### ASSIGNMENT
Begin with the line where "Pleural effusion, right: 2" appears. Set down that line and the rest of the records below it exactly as given.

-- RECORDS SUPPLIED follows --

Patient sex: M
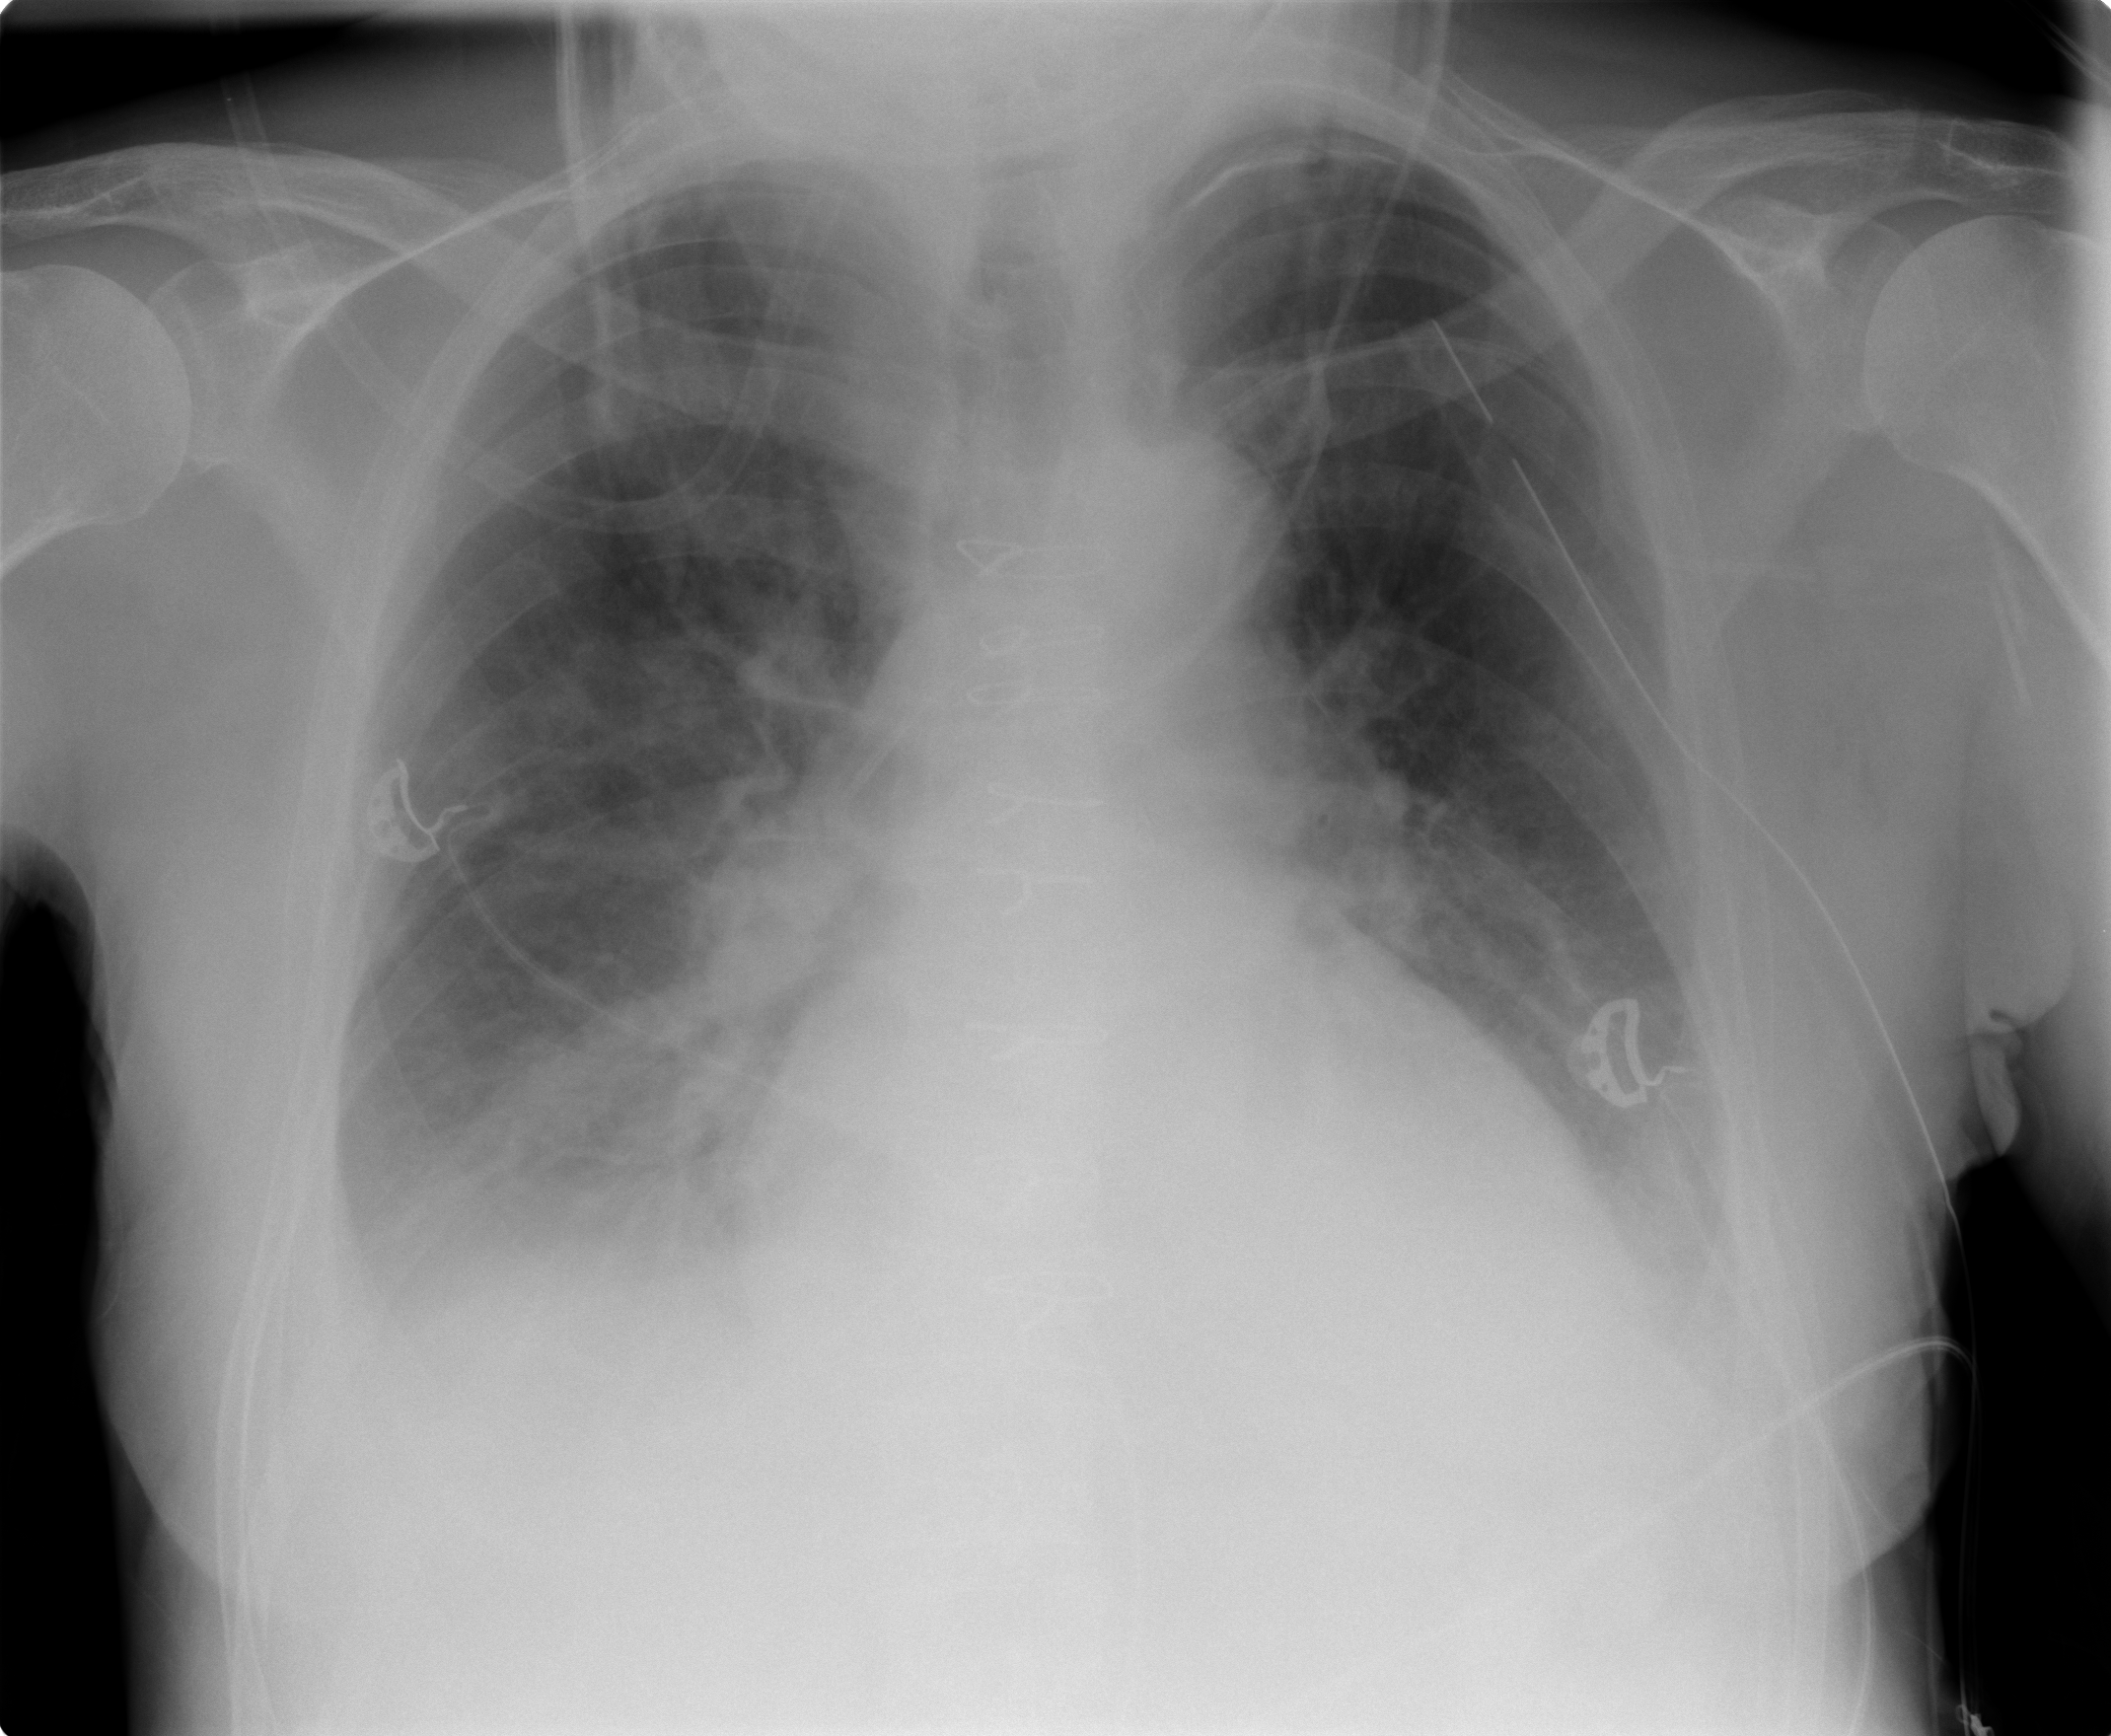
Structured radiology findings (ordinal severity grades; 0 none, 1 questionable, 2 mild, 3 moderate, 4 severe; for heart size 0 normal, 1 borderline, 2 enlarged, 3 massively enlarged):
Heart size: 0
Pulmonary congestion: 0
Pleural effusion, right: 2
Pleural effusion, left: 2
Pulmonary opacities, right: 2
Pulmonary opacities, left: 0
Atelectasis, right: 2
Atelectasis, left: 2

-- RECORDS SUPPLIED concluded --

### SOLVED EXERCISE
Pleural effusion, right: 2
Pleural effusion, left: 2
Pulmonary opacities, right: 2
Pulmonary opacities, left: 0
Atelectasis, right: 2
Atelectasis, left: 2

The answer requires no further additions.